The memory usage remains constant because the solution stores only a few synchronization primitives regardless of input size.

Test Cases

from collections import Counter

def is_valid_water_output(output: str) -> bool:
    if len(output) % 3 != 0:
        return False

    for i in range(0, len(output), 3):
        group = output[i:i + 3]
        counts = Counter(group)

        if counts["H"] != 2 or counts["O"] != 1:
            return False

    return True

# Basic single molecule
assert is_valid_water_output("HHO")  # simplest valid molecule
assert is_valid_water_output("HOH")  # alternate ordering
assert is_valid_water_output("OHH")  # oxygen first

# Multiple molecules
assert is_valid_water_output("HHOHHO")  # two valid molecules
assert is_valid_water_output("OHHHHO")  # valid grouped structure

# Invalid molecule compositions
assert not is_valid_water_output("HHH")  # missing oxygen
assert not is_valid_water_output("OOH")  # missing hydrogen
assert not is_valid_water_output("HOO")  # too many oxygens

# Invalid grouping
assert not is_valid_water_output("HHOOHH")  # first group invalid

# Boundary case
assert is_valid_water_output("HHO" * 20)  # maximum number of molecules

# Mixed valid permutations
assert is_valid_water_output("HOHHHO")  # valid molecule partitioning
assert is_valid_water_output("OHHHOH")  # another valid arrangement
Test Why
"HHO" Simplest valid molecule
"HOH" Valid alternate ordering
"OHH" Oxygen arriving first
"HHOHHO" Multiple valid molecules
"OHHHHO" Different molecule interleaving
"HHH" Detects missing oxygen
"OOH" Detects missing hydrogen
"HOO" Detects excess oxygen
"HHOOHH" Detects invalid grouping
"HHO" * 20 Maximum constraint stress test
"HOHHHO" Valid mixed arrangement
"OHHHOH" Another valid molecule partition

Edge Cases

Oxygen threads arrive before hydrogen threads

A common bug is allowing oxygen threads to proceed immediately even when not enough hydrogen threads exist. For example, if several oxygen threads arrive first, the implementation must block all but one oxygen thread until two hydrogens become available.
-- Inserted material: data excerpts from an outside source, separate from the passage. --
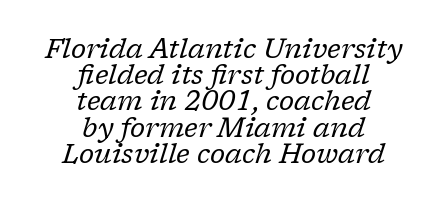
The image shows 27 px text type, italic (leaning right); set centered, tight line spacing (0.97x), normal letter spacing, not underlined.
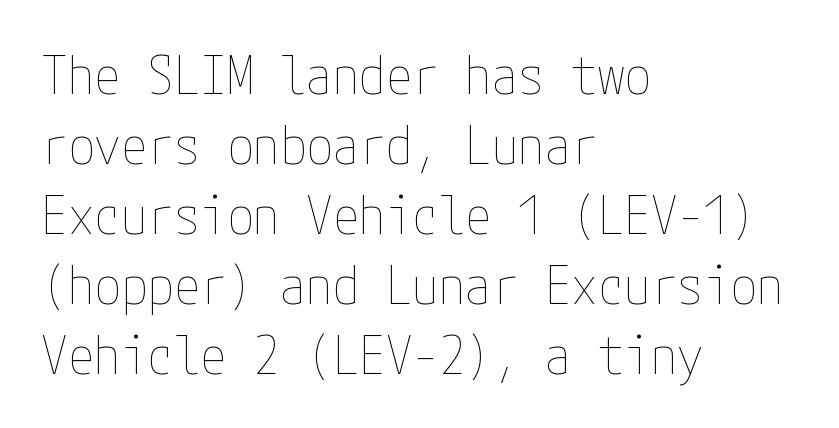
{"italic": "no", "bold": "no", "weight": "thin", "width": "condensed", "stroke_contrast": "low", "x_height": "medium", "underline": "no", "align": "left", "line_spacing": "normal", "line_spacing_ratio": 1.32, "letter_spacing": "normal", "letter_spacing_em": 0.0, "glyph_px": 53}
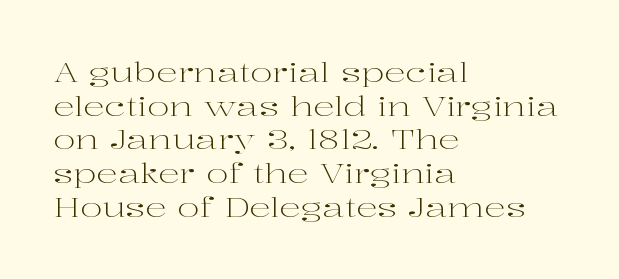
The image shows 27 px text type, upright; set left-aligned, normal line spacing (1.25x), normal letter spacing, not underlined.
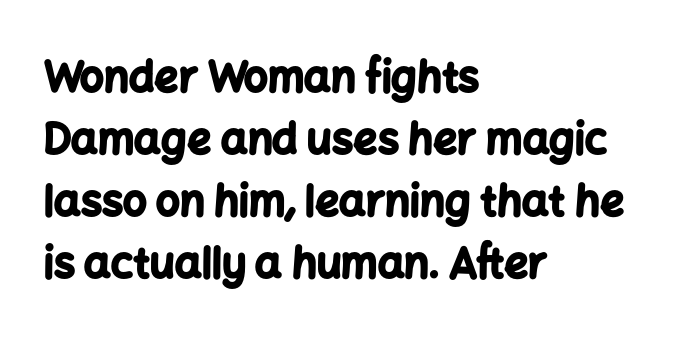
{"serif": "no", "italic": "no", "bold": "yes", "weight": "bold", "width": "normal", "stroke_contrast": "low", "x_height": "medium", "monospaced": "no", "underline": "no", "align": "left", "line_spacing": "normal", "line_spacing_ratio": 1.48, "letter_spacing": "normal", "letter_spacing_em": 0.0, "glyph_px": 42}
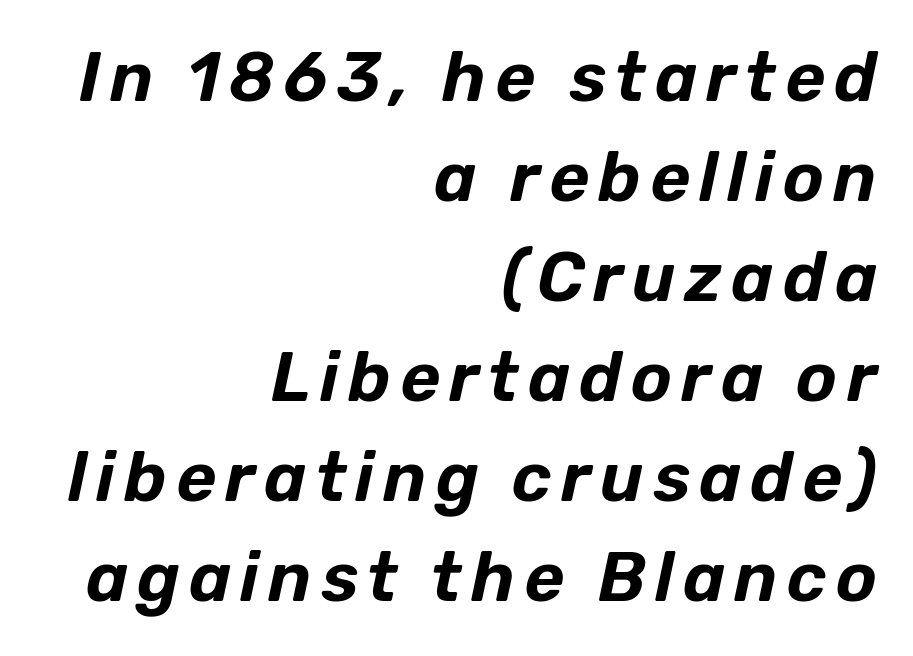
The image shows 69 px text type, italic (leaning right); set right-aligned, normal line spacing (1.45x), not underlined; low stroke contrast and a medium x-height.
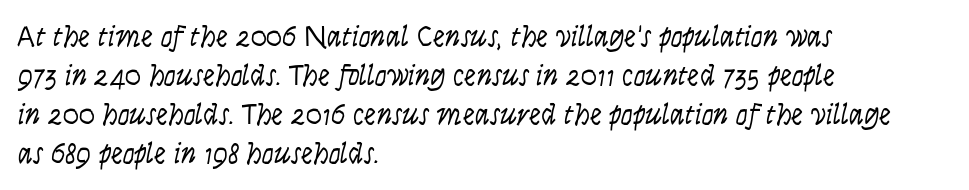
The image shows 30 px light, condensed type, italic (leaning right); set left-aligned, normal line spacing (1.3x), normal letter spacing, not underlined; low stroke contrast and a large x-height.
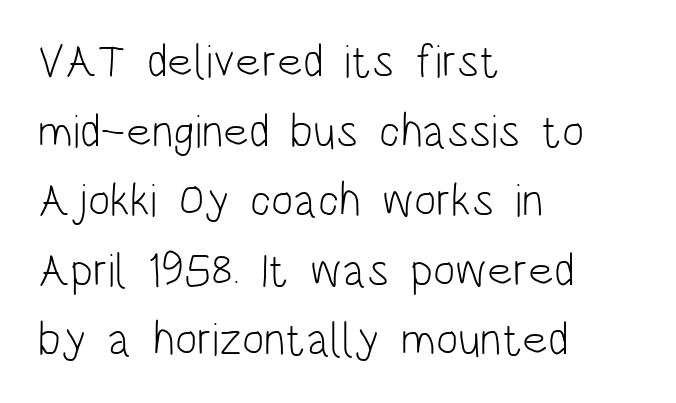
The rendering uses natural spacing where letterforms have individual widths. The letters stand upright; this is a roman face. In CSS terms this would be text-align: left. No letter is thick-stroked: the sample isn't bold.
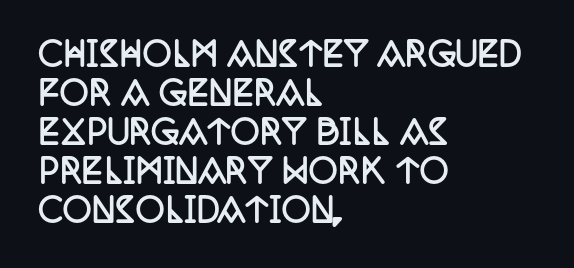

The oxygen semaphore solves this cleanly by allowing only one oxygen thread into the current molecule. Additional oxygen threads remain blocked until the current molecule completes.

Excess hydrogen threads arrive early

Another tricky case occurs when many hydrogen threads arrive before any oxygen thread. Without synchronization limits, all hydrogen threads might print immediately, producing invalid outputs such as "HHHH".

The hydrogen semaphore prevents this issue because only two hydrogen threads can proceed before an oxygen thread joins the molecule.

Molecule interleaving

The most subtle concurrency issue is allowing atoms from different molecules to mix together. For example, one molecule might partially form before another molecule begins.

The barrier prevents this by forcing exactly three threads to synchronize together before any next molecule starts forming. This guarantees that every consecutive group of three output characters contains exactly two hydrogens and one oxygen.